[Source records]
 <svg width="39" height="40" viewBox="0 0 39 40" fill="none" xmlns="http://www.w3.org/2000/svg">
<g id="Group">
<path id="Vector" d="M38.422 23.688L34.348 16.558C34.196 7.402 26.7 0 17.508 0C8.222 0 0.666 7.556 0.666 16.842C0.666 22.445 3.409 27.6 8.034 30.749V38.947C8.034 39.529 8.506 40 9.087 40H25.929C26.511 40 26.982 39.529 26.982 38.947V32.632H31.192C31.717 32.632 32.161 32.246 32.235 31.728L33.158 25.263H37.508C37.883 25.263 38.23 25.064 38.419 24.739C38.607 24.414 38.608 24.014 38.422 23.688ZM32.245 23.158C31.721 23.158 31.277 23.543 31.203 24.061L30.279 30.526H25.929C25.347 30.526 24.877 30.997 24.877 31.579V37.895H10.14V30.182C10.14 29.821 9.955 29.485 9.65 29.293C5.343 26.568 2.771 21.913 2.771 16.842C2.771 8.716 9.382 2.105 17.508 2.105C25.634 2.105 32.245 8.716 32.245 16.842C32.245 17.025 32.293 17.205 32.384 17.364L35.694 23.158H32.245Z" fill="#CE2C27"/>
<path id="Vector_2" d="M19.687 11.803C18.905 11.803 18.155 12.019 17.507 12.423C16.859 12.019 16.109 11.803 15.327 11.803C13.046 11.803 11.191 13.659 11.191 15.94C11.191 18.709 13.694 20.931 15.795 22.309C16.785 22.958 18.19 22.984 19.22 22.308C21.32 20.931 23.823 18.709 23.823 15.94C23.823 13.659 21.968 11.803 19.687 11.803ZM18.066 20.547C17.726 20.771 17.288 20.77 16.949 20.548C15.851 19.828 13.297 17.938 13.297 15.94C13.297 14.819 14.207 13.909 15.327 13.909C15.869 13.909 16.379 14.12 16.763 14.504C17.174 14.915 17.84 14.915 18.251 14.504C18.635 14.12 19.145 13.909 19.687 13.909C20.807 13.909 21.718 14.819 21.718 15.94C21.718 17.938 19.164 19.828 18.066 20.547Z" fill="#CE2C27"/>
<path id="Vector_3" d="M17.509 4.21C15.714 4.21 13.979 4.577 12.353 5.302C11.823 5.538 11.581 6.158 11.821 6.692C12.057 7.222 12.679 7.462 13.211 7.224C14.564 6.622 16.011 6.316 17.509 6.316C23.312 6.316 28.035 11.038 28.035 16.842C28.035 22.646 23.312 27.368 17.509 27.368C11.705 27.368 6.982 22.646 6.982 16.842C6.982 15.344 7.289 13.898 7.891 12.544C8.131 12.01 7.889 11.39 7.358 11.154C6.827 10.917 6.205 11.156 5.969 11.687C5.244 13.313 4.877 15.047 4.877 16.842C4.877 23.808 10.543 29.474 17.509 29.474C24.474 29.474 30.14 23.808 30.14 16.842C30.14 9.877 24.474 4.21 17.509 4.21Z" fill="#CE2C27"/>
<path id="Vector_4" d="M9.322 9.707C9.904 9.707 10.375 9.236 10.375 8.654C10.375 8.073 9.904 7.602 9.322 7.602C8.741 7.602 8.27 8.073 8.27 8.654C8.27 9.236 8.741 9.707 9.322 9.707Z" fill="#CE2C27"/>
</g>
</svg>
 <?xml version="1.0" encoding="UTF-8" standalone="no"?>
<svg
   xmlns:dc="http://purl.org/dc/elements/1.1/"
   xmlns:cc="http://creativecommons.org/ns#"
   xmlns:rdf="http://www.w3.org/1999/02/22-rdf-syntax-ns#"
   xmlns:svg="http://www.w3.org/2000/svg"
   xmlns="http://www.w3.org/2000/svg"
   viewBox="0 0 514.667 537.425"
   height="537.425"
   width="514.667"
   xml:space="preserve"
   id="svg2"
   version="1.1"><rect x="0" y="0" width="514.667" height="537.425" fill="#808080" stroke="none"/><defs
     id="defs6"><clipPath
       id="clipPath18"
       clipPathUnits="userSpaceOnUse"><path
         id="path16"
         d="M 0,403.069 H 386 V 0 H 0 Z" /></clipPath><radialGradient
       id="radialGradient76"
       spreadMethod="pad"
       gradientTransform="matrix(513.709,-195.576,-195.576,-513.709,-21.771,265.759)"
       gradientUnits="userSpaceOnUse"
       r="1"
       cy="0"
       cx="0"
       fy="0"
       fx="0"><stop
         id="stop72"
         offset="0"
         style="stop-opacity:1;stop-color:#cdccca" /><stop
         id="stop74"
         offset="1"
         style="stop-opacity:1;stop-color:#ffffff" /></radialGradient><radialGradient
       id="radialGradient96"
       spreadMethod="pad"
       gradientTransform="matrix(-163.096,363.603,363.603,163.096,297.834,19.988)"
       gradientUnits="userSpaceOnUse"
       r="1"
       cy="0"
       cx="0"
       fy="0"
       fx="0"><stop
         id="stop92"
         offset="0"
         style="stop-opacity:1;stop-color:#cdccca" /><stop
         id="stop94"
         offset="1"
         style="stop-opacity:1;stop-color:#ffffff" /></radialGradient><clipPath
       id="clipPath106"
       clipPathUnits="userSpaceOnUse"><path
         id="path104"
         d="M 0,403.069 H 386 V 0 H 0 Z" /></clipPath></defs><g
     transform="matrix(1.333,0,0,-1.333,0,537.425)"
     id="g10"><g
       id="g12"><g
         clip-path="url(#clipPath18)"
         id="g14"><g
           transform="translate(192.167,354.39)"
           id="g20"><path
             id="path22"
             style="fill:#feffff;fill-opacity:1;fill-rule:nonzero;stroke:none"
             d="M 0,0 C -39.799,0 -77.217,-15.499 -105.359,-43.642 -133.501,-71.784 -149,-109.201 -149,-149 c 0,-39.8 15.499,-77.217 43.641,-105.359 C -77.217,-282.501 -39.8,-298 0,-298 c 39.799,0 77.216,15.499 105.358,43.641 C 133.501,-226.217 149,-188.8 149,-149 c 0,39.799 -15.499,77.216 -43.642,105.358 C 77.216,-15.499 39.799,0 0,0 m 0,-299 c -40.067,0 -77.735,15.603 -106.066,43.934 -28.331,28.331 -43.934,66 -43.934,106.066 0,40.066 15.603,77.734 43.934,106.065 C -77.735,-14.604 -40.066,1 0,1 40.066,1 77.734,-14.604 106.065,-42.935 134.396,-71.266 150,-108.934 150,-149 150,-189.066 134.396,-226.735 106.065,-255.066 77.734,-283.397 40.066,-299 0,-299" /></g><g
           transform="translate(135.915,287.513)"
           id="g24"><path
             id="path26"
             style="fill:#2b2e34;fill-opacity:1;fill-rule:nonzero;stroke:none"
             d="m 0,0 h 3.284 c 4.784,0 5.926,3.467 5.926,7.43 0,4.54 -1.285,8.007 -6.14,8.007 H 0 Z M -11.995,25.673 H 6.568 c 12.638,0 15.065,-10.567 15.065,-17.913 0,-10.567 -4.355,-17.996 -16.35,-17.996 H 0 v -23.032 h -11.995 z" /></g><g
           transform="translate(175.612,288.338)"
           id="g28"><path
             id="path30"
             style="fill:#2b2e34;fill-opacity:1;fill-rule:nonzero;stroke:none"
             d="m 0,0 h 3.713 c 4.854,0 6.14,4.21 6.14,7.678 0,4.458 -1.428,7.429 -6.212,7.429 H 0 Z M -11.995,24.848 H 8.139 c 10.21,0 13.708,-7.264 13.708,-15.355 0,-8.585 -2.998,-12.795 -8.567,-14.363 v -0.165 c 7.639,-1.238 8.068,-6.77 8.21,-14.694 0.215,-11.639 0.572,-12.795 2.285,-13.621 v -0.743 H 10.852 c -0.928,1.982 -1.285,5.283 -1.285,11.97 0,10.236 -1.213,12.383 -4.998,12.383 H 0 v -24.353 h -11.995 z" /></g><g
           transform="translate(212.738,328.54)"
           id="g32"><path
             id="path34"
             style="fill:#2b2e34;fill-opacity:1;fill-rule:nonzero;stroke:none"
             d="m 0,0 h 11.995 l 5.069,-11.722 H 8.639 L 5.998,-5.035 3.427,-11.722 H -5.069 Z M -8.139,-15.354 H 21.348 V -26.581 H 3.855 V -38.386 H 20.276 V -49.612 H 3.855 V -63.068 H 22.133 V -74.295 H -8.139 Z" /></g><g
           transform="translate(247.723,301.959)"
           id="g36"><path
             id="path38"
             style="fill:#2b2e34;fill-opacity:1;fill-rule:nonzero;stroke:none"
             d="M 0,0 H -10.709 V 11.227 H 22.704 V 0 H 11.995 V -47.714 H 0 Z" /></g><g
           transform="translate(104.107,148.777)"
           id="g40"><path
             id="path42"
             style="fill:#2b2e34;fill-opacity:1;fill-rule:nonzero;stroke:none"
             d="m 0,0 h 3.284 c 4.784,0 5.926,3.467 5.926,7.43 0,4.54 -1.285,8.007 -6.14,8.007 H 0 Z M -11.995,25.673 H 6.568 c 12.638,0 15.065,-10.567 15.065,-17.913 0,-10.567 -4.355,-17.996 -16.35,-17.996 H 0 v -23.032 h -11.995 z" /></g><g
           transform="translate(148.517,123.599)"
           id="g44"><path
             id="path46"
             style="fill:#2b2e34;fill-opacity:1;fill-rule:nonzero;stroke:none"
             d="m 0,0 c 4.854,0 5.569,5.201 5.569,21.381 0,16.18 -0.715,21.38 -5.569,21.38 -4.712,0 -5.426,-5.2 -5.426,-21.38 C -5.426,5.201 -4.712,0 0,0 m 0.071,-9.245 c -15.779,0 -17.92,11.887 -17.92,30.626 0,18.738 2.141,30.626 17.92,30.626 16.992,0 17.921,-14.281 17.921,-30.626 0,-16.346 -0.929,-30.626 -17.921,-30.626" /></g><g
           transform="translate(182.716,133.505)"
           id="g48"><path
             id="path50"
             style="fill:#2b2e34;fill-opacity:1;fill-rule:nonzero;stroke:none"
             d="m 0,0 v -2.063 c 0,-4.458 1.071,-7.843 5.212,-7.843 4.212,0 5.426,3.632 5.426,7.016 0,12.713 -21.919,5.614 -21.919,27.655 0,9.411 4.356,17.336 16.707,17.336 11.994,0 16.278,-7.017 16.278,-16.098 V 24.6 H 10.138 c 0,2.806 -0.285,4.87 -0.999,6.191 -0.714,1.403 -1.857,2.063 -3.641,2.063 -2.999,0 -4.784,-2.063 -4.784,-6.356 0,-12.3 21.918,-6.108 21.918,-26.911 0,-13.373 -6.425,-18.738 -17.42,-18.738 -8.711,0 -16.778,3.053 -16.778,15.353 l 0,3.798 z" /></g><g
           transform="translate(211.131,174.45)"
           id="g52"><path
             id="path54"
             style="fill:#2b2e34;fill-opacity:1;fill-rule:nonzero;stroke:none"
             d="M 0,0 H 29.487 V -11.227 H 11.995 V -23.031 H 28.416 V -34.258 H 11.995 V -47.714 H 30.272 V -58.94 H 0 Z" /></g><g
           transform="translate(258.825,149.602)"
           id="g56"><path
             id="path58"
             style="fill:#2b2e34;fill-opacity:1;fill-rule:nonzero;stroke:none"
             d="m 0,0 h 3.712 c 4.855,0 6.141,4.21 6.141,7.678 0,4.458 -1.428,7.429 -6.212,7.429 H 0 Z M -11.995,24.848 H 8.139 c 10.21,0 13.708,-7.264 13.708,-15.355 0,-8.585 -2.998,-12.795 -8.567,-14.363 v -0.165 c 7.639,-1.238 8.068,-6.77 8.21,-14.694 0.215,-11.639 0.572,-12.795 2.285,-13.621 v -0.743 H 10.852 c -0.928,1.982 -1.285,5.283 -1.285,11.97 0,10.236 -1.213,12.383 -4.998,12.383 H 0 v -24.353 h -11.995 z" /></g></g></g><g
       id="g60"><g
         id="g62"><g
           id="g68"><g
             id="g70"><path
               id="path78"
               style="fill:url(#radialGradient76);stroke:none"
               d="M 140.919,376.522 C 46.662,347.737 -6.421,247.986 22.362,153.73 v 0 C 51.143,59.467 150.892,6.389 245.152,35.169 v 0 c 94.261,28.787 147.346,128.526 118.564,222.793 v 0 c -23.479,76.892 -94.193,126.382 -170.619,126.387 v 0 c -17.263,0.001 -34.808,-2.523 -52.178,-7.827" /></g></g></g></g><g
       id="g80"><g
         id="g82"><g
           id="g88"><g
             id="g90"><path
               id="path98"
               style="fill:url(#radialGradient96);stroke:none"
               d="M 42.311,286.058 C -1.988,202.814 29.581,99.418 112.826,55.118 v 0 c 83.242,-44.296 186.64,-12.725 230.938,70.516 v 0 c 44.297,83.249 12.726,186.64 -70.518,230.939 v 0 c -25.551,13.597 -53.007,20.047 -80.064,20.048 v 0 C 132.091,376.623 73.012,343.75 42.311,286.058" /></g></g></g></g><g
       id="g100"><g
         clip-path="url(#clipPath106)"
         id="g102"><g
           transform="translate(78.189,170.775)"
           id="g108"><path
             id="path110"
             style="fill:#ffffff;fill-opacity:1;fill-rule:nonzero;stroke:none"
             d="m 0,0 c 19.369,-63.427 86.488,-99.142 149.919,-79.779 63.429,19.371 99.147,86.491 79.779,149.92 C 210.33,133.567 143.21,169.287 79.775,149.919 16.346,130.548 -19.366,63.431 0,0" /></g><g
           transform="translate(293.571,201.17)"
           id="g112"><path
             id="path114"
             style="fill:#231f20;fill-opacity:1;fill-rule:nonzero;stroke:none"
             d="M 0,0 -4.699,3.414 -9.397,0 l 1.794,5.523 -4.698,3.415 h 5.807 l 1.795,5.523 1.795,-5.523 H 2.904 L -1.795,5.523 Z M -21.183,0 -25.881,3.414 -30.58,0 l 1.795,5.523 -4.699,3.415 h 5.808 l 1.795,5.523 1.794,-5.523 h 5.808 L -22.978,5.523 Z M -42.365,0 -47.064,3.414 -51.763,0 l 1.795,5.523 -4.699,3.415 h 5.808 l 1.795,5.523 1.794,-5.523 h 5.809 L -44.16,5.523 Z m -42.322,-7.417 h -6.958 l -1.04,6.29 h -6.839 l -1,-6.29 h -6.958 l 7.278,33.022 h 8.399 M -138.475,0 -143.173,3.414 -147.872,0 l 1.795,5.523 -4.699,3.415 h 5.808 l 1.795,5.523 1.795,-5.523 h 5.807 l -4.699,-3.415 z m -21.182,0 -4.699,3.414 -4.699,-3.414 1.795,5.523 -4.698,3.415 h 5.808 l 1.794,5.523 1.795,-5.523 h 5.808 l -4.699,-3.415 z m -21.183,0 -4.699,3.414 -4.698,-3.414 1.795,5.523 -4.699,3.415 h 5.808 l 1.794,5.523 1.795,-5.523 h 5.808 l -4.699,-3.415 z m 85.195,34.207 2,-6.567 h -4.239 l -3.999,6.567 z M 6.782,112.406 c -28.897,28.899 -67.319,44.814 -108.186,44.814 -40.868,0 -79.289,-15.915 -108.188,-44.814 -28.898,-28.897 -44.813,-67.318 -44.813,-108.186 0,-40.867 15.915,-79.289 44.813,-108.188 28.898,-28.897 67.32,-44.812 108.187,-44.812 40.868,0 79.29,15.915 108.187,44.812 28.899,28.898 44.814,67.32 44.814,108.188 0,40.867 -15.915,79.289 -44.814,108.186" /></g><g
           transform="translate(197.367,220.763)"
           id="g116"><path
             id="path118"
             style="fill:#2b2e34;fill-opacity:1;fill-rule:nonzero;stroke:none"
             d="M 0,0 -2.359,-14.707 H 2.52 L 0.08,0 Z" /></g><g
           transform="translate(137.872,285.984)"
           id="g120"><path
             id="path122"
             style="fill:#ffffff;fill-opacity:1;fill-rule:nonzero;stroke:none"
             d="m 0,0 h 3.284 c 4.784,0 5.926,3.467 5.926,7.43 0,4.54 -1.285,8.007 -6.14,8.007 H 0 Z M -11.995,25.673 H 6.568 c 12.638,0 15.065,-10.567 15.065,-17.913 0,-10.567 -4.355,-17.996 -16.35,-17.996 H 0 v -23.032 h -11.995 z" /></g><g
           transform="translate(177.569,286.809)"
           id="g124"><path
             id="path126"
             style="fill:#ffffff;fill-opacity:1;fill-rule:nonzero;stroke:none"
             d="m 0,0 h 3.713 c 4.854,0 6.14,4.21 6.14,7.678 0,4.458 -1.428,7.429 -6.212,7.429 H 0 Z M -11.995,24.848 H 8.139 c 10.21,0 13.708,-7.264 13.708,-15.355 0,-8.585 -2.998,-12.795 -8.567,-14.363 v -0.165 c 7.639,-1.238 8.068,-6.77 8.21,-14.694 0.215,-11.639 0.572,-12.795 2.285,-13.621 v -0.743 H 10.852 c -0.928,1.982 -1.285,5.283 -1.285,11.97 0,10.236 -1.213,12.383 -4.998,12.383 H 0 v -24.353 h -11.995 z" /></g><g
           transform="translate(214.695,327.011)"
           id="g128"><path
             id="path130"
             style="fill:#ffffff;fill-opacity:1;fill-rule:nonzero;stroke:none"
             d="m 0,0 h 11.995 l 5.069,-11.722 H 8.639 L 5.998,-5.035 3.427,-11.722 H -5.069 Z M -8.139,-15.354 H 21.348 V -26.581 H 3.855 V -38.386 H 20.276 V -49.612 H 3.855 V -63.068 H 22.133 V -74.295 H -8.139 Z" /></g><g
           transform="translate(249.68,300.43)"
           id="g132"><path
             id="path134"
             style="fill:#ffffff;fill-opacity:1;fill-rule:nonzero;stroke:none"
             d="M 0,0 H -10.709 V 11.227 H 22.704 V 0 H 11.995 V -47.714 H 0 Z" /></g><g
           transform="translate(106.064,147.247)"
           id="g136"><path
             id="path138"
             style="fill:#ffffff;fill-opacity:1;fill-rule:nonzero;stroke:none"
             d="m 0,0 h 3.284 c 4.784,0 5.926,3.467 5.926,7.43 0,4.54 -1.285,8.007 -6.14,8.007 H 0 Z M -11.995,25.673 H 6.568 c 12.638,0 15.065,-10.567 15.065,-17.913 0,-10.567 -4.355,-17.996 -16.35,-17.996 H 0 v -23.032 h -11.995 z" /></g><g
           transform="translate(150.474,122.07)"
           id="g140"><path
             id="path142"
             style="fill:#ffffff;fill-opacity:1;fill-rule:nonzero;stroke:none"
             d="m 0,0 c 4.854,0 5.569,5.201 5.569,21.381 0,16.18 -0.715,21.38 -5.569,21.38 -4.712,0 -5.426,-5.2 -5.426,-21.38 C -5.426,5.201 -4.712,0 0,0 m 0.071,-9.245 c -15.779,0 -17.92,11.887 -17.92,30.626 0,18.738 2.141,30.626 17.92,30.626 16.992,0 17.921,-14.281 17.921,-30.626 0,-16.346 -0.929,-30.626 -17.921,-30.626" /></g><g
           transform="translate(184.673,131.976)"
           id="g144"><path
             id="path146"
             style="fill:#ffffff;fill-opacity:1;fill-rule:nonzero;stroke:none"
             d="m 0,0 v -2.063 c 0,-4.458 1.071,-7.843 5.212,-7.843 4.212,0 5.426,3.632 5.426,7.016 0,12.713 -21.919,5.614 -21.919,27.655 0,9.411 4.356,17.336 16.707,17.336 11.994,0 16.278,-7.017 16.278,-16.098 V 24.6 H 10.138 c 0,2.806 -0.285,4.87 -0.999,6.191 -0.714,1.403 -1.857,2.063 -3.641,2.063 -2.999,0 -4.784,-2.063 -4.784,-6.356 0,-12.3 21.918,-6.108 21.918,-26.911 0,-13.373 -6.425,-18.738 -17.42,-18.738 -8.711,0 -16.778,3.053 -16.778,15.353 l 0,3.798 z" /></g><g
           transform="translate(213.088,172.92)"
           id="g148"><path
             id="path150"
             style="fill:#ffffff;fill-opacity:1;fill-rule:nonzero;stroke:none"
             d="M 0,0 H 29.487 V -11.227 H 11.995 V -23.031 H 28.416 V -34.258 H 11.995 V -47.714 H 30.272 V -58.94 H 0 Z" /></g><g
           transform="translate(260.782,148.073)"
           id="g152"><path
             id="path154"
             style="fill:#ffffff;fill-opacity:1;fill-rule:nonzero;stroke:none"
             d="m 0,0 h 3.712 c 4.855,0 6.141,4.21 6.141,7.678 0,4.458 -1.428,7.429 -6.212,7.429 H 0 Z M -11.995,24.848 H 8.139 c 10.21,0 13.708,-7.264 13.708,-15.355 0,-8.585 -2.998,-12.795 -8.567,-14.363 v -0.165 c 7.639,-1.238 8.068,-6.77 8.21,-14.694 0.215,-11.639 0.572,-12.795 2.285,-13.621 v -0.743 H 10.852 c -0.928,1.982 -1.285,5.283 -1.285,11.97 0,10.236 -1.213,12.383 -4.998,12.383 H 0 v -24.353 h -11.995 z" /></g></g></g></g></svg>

**Assignment**
What is needed is an exact copy of the entries above, from the first line through the line holding "11.803C18.905 11.803 18.155", with both of those lines kept; please give nothing else.

**Solution to the exercise**
 <svg width="39" height="40" viewBox="0 0 39 40" fill="none" xmlns="http://www.w3.org/2000/svg">
<g id="Group">
<path id="Vector" d="M38.422 23.688L34.348 16.558C34.196 7.402 26.7 0 17.508 0C8.222 0 0.666 7.556 0.666 16.842C0.666 22.445 3.409 27.6 8.034 30.749V38.947C8.034 39.529 8.506 40 9.087 40H25.929C26.511 40 26.982 39.529 26.982 38.947V32.632H31.192C31.717 32.632 32.161 32.246 32.235 31.728L33.158 25.263H37.508C37.883 25.263 38.23 25.064 38.419 24.739C38.607 24.414 38.608 24.014 38.422 23.688ZM32.245 23.158C31.721 23.158 31.277 23.543 31.203 24.061L30.279 30.526H25.929C25.347 30.526 24.877 30.997 24.877 31.579V37.895H10.14V30.182C10.14 29.821 9.955 29.485 9.65 29.293C5.343 26.568 2.771 21.913 2.771 16.842C2.771 8.716 9.382 2.105 17.508 2.105C25.634 2.105 32.245 8.716 32.245 16.842C32.245 17.025 32.293 17.205 32.384 17.364L35.694 23.158H32.245Z" fill="#CE2C27"/>
<path id="Vector_2" d="M19.687 11.803C18.905 11.803 18.155 12.019 17.507 12.423C16.859 12.019 16.109 11.803 15.327 11.803C13.046 11.803 11.191 13.659 11.191 15.94C11.191 18.709 13.694 20.931 15.795 22.309C16.785 22.958 18.19 22.984 19.22 22.308C21.32 20.931 23.823 18.709 23.823 15.94C23.823 13.659 21.968 11.803 19.687 11.803ZM18.066 20.547C17.726 20.771 17.288 20.77 16.949 20.548C15.851 19.828 13.297 17.938 13.297 15.94C13.297 14.819 14.207 13.909 15.327 13.909C15.869 13.909 16.379 14.12 16.763 14.504C17.174 14.915 17.84 14.915 18.251 14.504C18.635 14.12 19.145 13.909 19.687 13.909C20.807 13.909 21.718 14.819 21.718 15.94C21.718 17.938 19.164 19.828 18.066 20.547Z" fill="#CE2C27"/>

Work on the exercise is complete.